# 2011 RZR 4 accessories.....



## Country (Jul 20, 2010)

What's up guys. I'm looking for some ideas on mods and other accessories for my RZR. I have tried all the rzr forums but from my experience most of the are a bunch of stuck up pricks. Any ideas would be much appreciated.


----------



## Polaris425 (Dec 16, 2004)

What all kind of riding do you do?


----------



## Brute650i (Dec 17, 2008)

Tires, rims, roof with tunes, and clutching. Just so happens I can hook you up with all of the above.


----------



## Country (Jul 20, 2010)

As far as the riding we mostly do trail and rocks. I try to keep it out of the mud. 
I have the brute for that. I have just bought new wheels and I'm getting the 30 in dominators. I've got a roof and windshield. As for the clutch and tune what have you got? New or used?


----------



## Polaris425 (Dec 16, 2004)

Sounds like you're all ready to go then, not much else to do except what you mentioned, clutch and tunes.


----------



## Country (Jul 20, 2010)

There has to be more to do!!! That's why I buy things.....to change them. I've been looking at building a roll cage extension to cover the bed. You can buy them but they don't look right. I have been working on a few designs. I've gotta do something because on a 4 with a roof the **** thing looks like a beetle.


----------



## mattyneil (Apr 22, 2012)

lte dual exhaust, chop the cage, hids, front and rear bumpers, winch, aftermarket skid plates, aftermarket steering wheel, and there is much more you can do. I try to do simple stuff that makes you stand out that you just cant buy and bolt on. Tint your tail lights or put a paint job on your snorkels to make them stand out or get a custom clever sticker made for the windshield.


----------



## Brute650i (Dec 17, 2008)

All I sell is new parts. As far as tunes I can get any of the dunertunes or audioformz. For the clutch their are BMP clutches can get either clutch kit or their stage 2 clutch that is a replacement secondary and primary. Also carry the BMP turbo's if your looking for some more power.


----------



## Country (Jul 20, 2010)

Sweet.

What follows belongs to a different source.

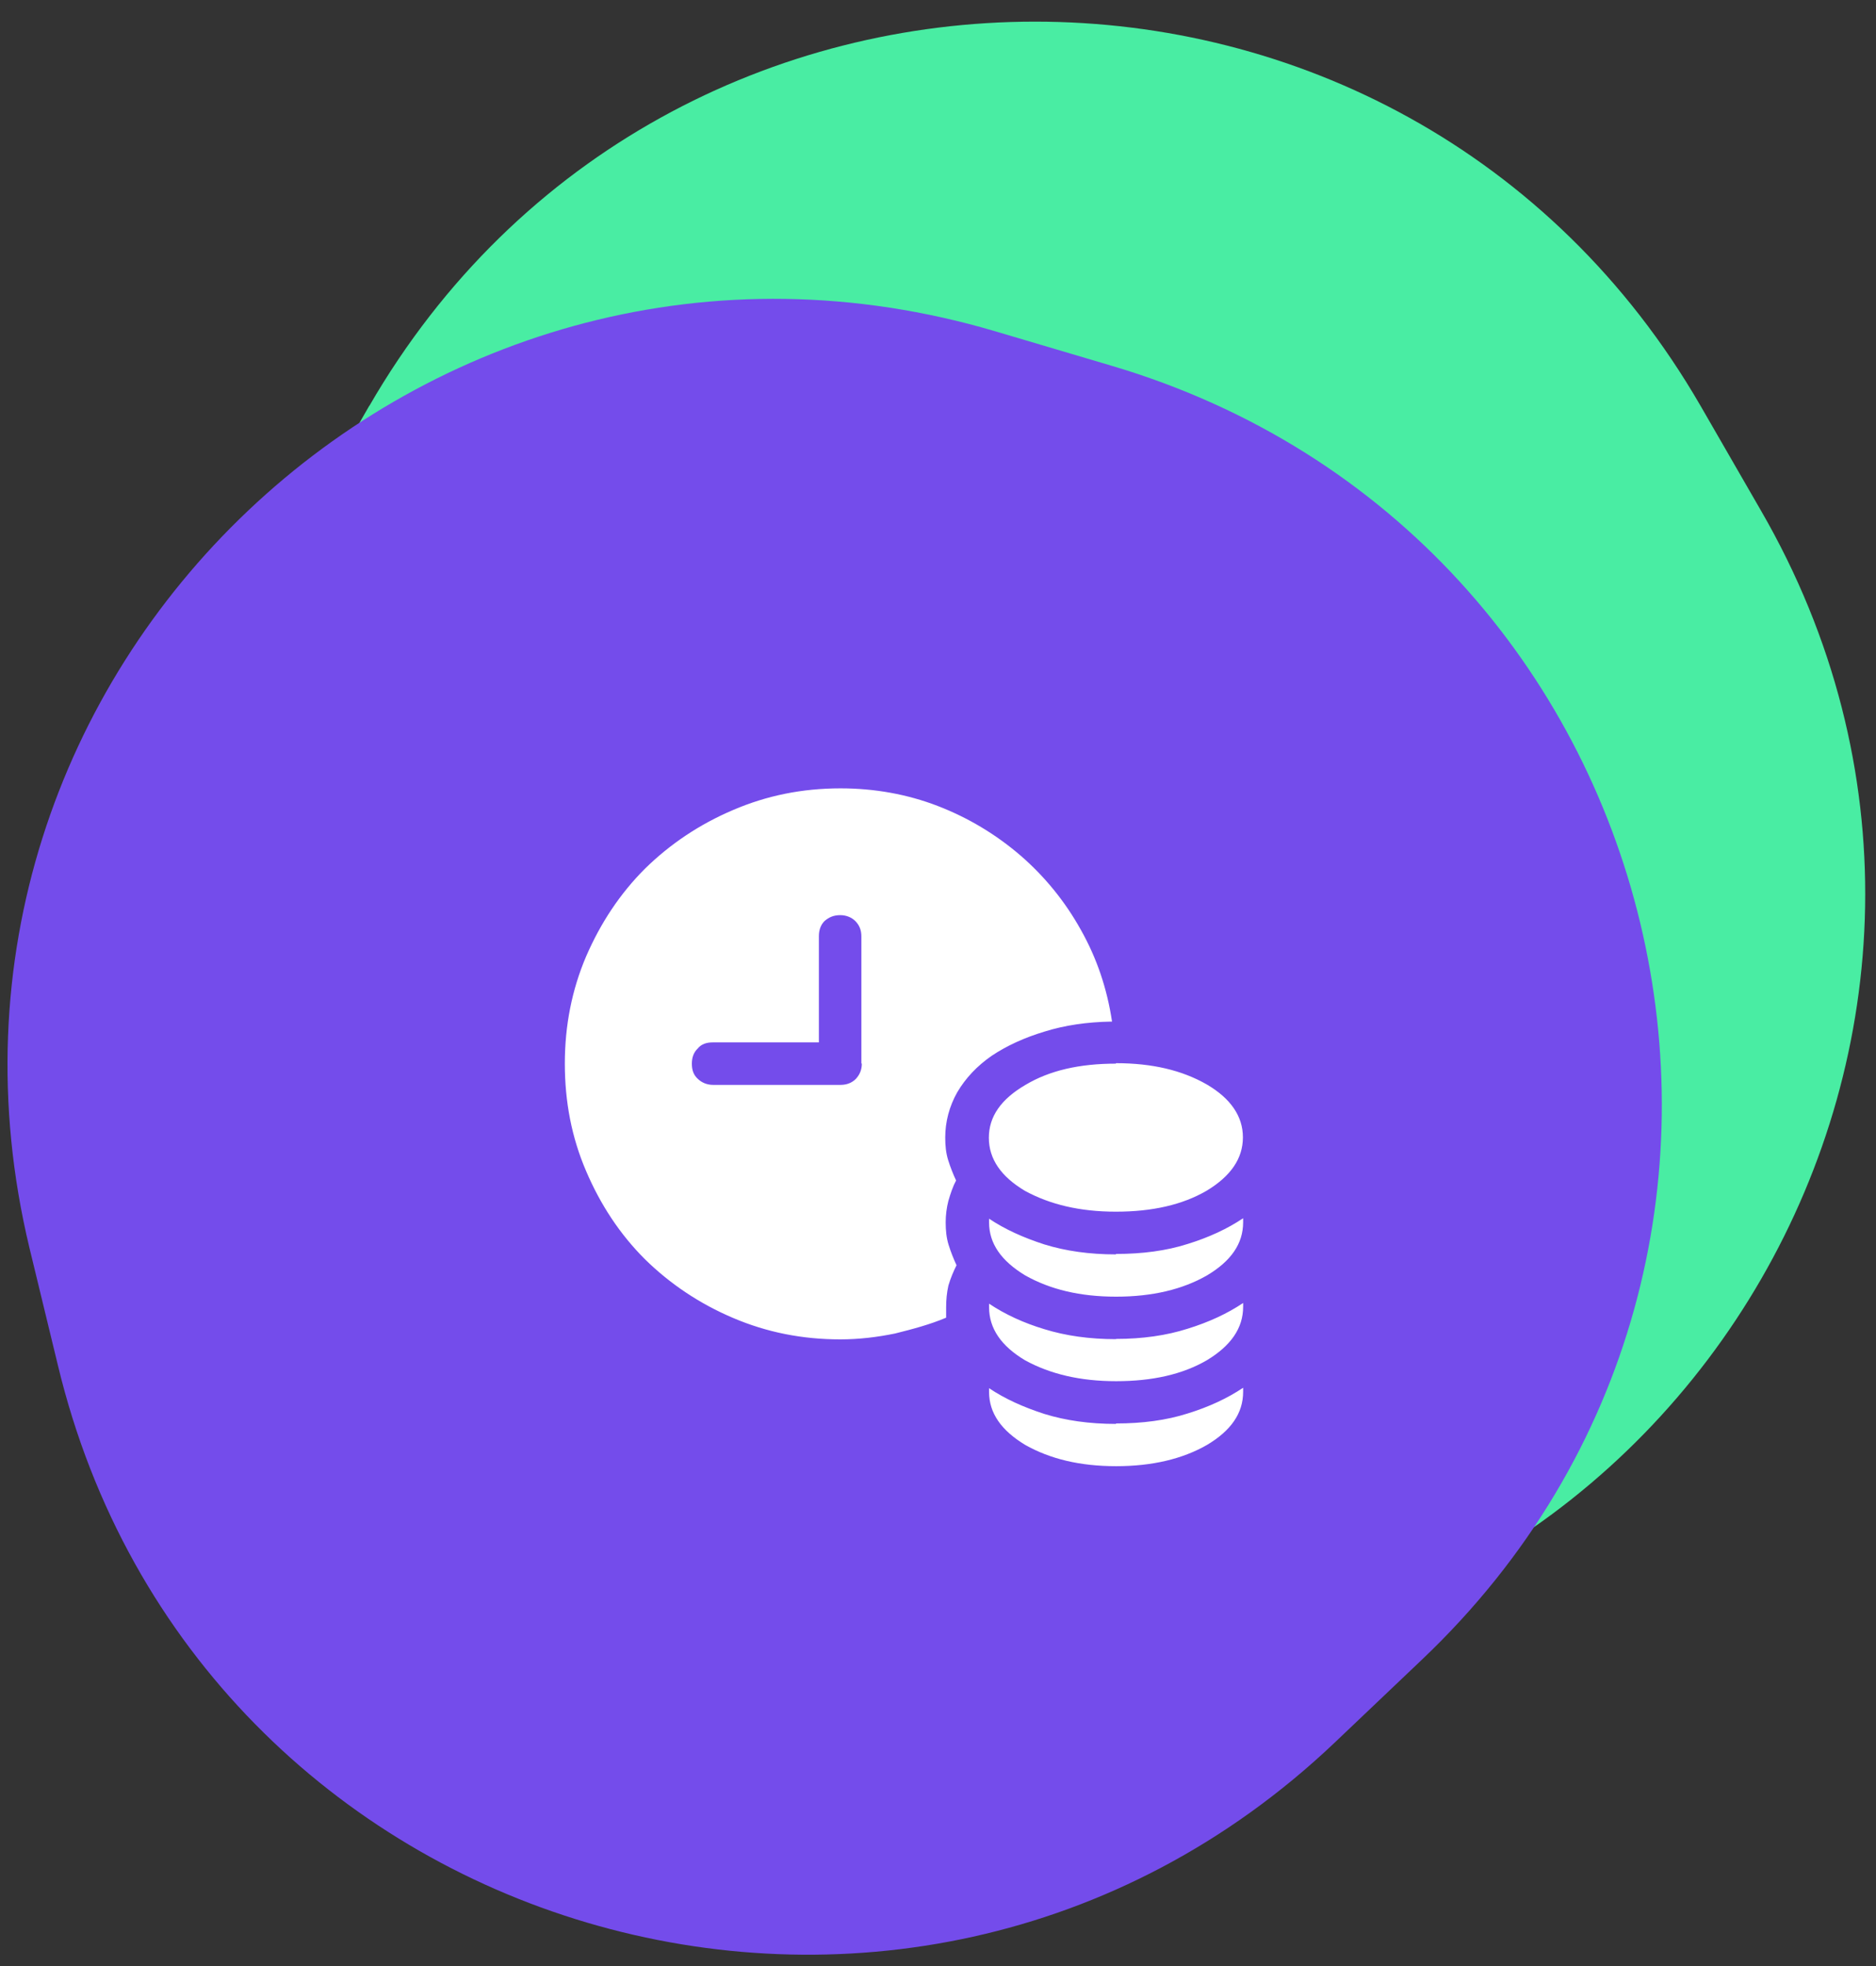 <svg xmlns="http://www.w3.org/2000/svg" width="83" height="87"><rect width="100%" height="100%" fill="#333333" stroke="none"/><g fill="none"><path fill="#49EDA3" d="M16.34 17.96c13.1-22.67 45.8-22.67 58.9 0l2.67 4.63c13.1 22.66-3.26 51-29.44 51H43.1c-26.16 0-42.52-28.34-29.43-51l2.67-4.64z"/><path fill="#744CEB" d="M1.3 55.2C-4.8 29.75 18.94 7.23 44.04 14.66l5.13 1.52C74.26 23.6 81.9 55.42 62.9 73.44l-3.87 3.68c-19 18.02-50.36 8.73-56.47-16.72L1.3 55.2z"/><path fill="#fff" d="M49.2 45.2c-.22-1.46-.67-2.8-1.38-4.06-.7-1.26-1.6-2.36-2.66-3.28-1.08-.93-2.3-1.67-3.67-2.2-1.35-.52-2.8-.78-4.3-.78-1.7 0-3.27.32-4.76.96-1.48.63-2.78 1.5-3.9 2.6-1.1 1.1-1.96 2.4-2.6 3.88-.63 1.48-.94 3.06-.94 4.74 0 1.68.3 3.26.94 4.75.64 1.5 1.5 2.8 2.6 3.9 1.12 1.1 2.42 1.97 3.9 2.6 1.5.64 3.07.95 4.75.95.83 0 1.64-.1 2.42-.26.8-.2 1.55-.4 2.26-.7 0-.1 0-.16 0-.22s0-.14 0-.24c0-.33.03-.65.1-.96.1-.34.23-.64.36-.9-.13-.28-.25-.58-.35-.9-.1-.32-.13-.65-.13-1 0-.32.04-.64.12-.95.1-.34.2-.64.34-.9-.13-.28-.25-.58-.35-.9-.1-.32-.13-.65-.13-1 0-.7.18-1.38.53-2 .37-.63.88-1.17 1.53-1.62.66-.44 1.44-.8 2.34-1.07.9-.28 1.87-.42 2.93-.44zm-11.07 1.86c0 .28-.1.5-.27.68-.17.17-.4.26-.67.26h-5.64c-.27 0-.5-.1-.67-.26-.2-.18-.27-.4-.27-.68 0-.27.08-.5.26-.67.16-.2.4-.27.66-.27h4.7v-4.7c0-.27.08-.5.25-.67.2-.17.4-.26.7-.26.26 0 .5.1.66.26.18.18.27.4.27.68v5.62zM49.37 63c-1.17 0-2.22-.15-3.16-.44-.93-.3-1.75-.67-2.45-1.14 0 .04 0 .08 0 .12 0 .03 0 .05 0 .05 0 .93.54 1.7 1.6 2.34 1.1.62 2.42.94 4.02.94 1.6 0 2.94-.32 4.02-.94 1.06-.63 1.6-1.4 1.6-2.35 0-.05 0-.08 0-.12 0-.04 0-.06 0-.06-.7.47-1.52.85-2.46 1.14-.94.3-2 .44-3.16.44zm0-3.75c-1.17 0-2.22-.15-3.16-.44-.93-.28-1.75-.66-2.45-1.13 0 .04 0 .08 0 .12 0 .02 0 .04 0 .04 0 .94.54 1.72 1.6 2.35 1.1.6 2.42.92 4.02.92 1.6 0 2.94-.3 4.02-.93 1.06-.64 1.6-1.42 1.6-2.36 0-.04 0-.07 0-.1 0-.05 0-.07 0-.07-.7.47-1.52.85-2.46 1.14-.94.3-2 .45-3.16.45zm0-3.75c-1.17 0-2.22-.15-3.16-.44-.93-.3-1.75-.67-2.45-1.14 0 .04 0 .08 0 .12 0 .03 0 .05 0 .05 0 .93.54 1.7 1.6 2.34 1.1.62 2.42.94 4.02.94 1.6 0 2.94-.32 4.02-.94 1.06-.63 1.6-1.4 1.6-2.35 0-.05 0-.08 0-.12 0-.04 0-.06 0-.06-.7.47-1.52.85-2.46 1.14-.94.3-2 .44-3.16.44zm0-8.44c-1.6 0-2.93.3-4 .94-1.08.63-1.62 1.4-1.62 2.34s.54 1.72 1.6 2.35c1.1.6 2.42.92 4.02.92 1.6 0 2.94-.3 4.02-.93 1.06-.64 1.6-1.42 1.6-2.36 0-.93-.54-1.72-1.6-2.34-1.1-.63-2.42-.94-4.02-.94z"/></g></svg>

Do you have a price list or a website?


----------



## Brute650i (Dec 17, 2008)

Website is in my sig but it is not updated with the new parts. Give me until friday given the holiday tomorrow and ill get some prices on all of the performance parts from BMP if you would like.


----------



## Country (Jul 20, 2010)

That would be great and I appreciate it. Just let me know when it's ready! Thanks.


----------



## Brute650i (Dec 17, 2008)

Rzr turbo $3000 shipped

Clutch kit ( Includes a set of adjustable supertip weights, primary and secondary springs, and a custom angle helix) $500 shipped

power commander V with auto tune $600 shipped

Stage 2 overdrive clutch (Heavy Duty Rooster Adjustable Weights,Overdrive Primary Clutch with 2 springs depending on application,Overdrive Secondary Clutch with spring,Clutch Cover Spacer,New Belt) $1000 plus shipping

We can get many other parts also just let us know if your interested in somehing and ill get you a price


----------



## Country (Jul 20, 2010)

Let me acquire some mad money and I'll get back with you.


----------



## Brute650i (Dec 17, 2008)

I need to aquire myself some aswell. Im wanting either turbo or apex conversion on the ranger. Not sure which will come first.


----------